According to Heriberto Araujo and Melissa Chan, the American agricultural giant Cargill, based in Minnesota, runs its largest non-U.S. operations in Brazil.

But China is buying most of the soy products exported from Brazil along with half of its beef exports.

In the end, President Bolsonaro’s political future may depend more on how he handles the coronavirus than how he deals with China or the Amazon rainforest.

So far, Bolsonaro has dismissed calls for a shutdown of businesses in Brazil, which some of his critics as well as supporters advocate as a means to protect against the coronavirus.

The New York Times reported that in a national address on March 26, Balsonaro, who is 65 and has been in office for a little more than a year, said that if he were to get the virus, he would recover easily because of his “athletic background.”

While he spoke, Brazilians across the political spectrum in Rio de Janeiro were banging pots outside their windows in what has become a nightly protest against Bolsonaro’s handling of the coronavirus, The Times reported from Rio de Janeiro.

As of April 5, Brazil had 10,475 confirmed cases of the coronavirus, including 448 recorded deaths.

Experts say that because Brazil has high poverty rates, with many people living in close quarters, it could be highly vulnerable to the virus. The death toll could escalate rapidly.

With a total population of more than 212 million people, Brazil is the most heavily populated nation in South America. More than 80 percent of its people live in urban areas.

Farmers caught in the middle

Some accounts of the rising tensions between developers and conservationists in Brazil have failed to include the voices of farmers and cattle ranchers working in and near the Amazon rain forest.

The Christian Science Monitor Weekly has filled this gap by publishing a cover story recently that includes interviews with a number of Brazilian farmers.
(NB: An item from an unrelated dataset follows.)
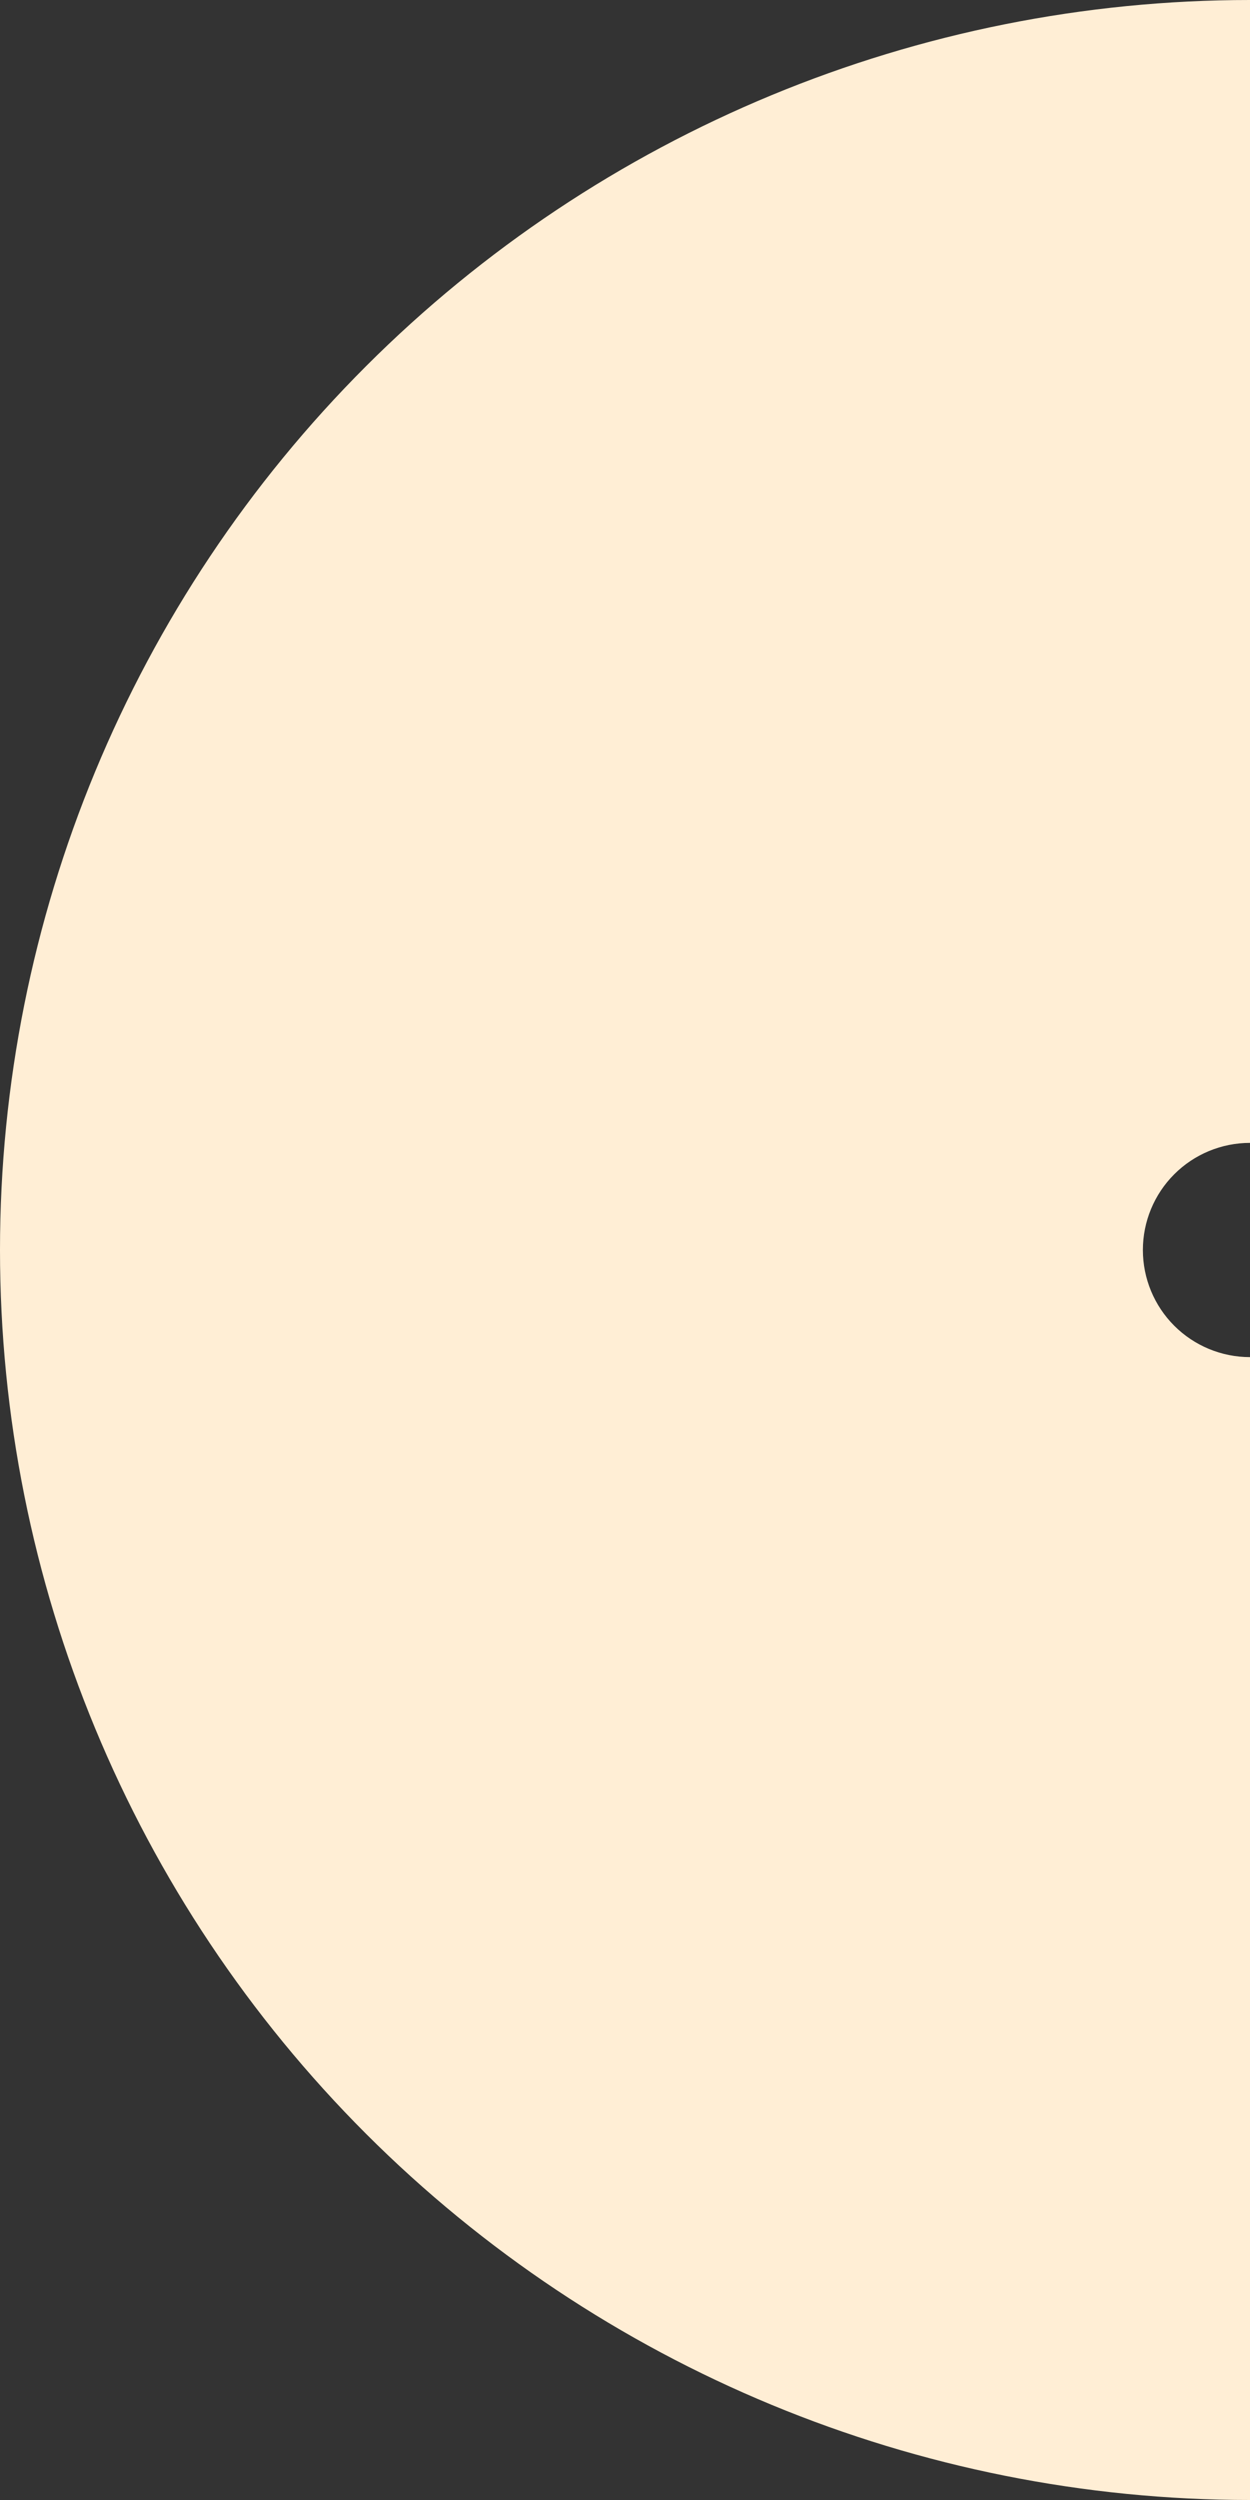 <?xml version="1.0" encoding="UTF-8"?> <svg xmlns="http://www.w3.org/2000/svg" width="350" height="700" viewBox="0 0 350 700" fill="none"><rect x="0" y="0" width="350" height="700" fill="#333333" stroke="none"/> <path d="M350 -3.0598e-05C257.174 -4.27706e-05 168.15 36.875 102.513 102.513C36.875 168.15 4.97788e-05 257.174 3.0598e-05 350C1.14172e-05 442.826 36.875 531.85 102.513 597.487C168.15 663.125 257.174 700 350 700L350 379.995C342.045 379.995 334.416 376.835 328.79 371.21C323.165 365.584 320.005 357.955 320.005 350C320.005 342.045 323.165 334.415 328.79 328.79C334.416 323.165 342.045 320.005 350 320.005L350 -3.0598e-05Z" fill="#FFEED5"></path> </svg>

Not all of them are bent on slashing and burning in the rain forest in order to expand their farmland. Some are trying to preserve parts of the rain forest, grow more trees, and engage in what’s called green cattle-ranching.

Cattle ranching is reported to be responsible for up to 80 percent of the deforestation in the Amazon, according to Yale University’s School of Forestry and Environmental Studies.

But many cattle ranchers as well as farmers feel that they’re caught in the middle between environmental activists and Brazil’s ascendant economic development advocates.

The Monitor story was written by Sara Miller Llana based on her reporting from the Brazilian state of Mato Grosso and published on March 30.

Llana reports that in the past Brazil was a global model in forest preservation. The government maintains an environmental registry that shows who owns each piece of land and uses satellite imaging to monitor deforestation.

But with deforestation increasing and Bolsonaro pushing development, “many say more vigilance is needed—especially in the beef industry,” she says.

On the positive side, Llana reports that a sustainable cattle-ranching group called Pecsa, has been able to produce meat using more than 80 percent less land and emitting 85 percent fewer greenhouse gases than beef produced on conventional ranches.

Pecsa, which in Portuguese stands for Sustainable Cattle Ranching in the Amazon, is private company spun off from an NGO that seeks to turn degraded pastures into efficient operations without using a single acre of forest, even as the demand for beef from China continues to soar.

But Llana says that today, tensions between development and conservation supporters have never been greater, and especially since the election of Bolsonaro in 2018.

Llana says the issue of deforestation in the Amazon “comes at a time when the sense of urgency about climate change has reached a historic high, with many people looking at the preservation of the world’s largest tropical rainforest—and its ability to extract heat-trapping gases from the atmosphere—as crucial to the planet’s survival.”

Dan Southerland is RFA’s founding executive editor.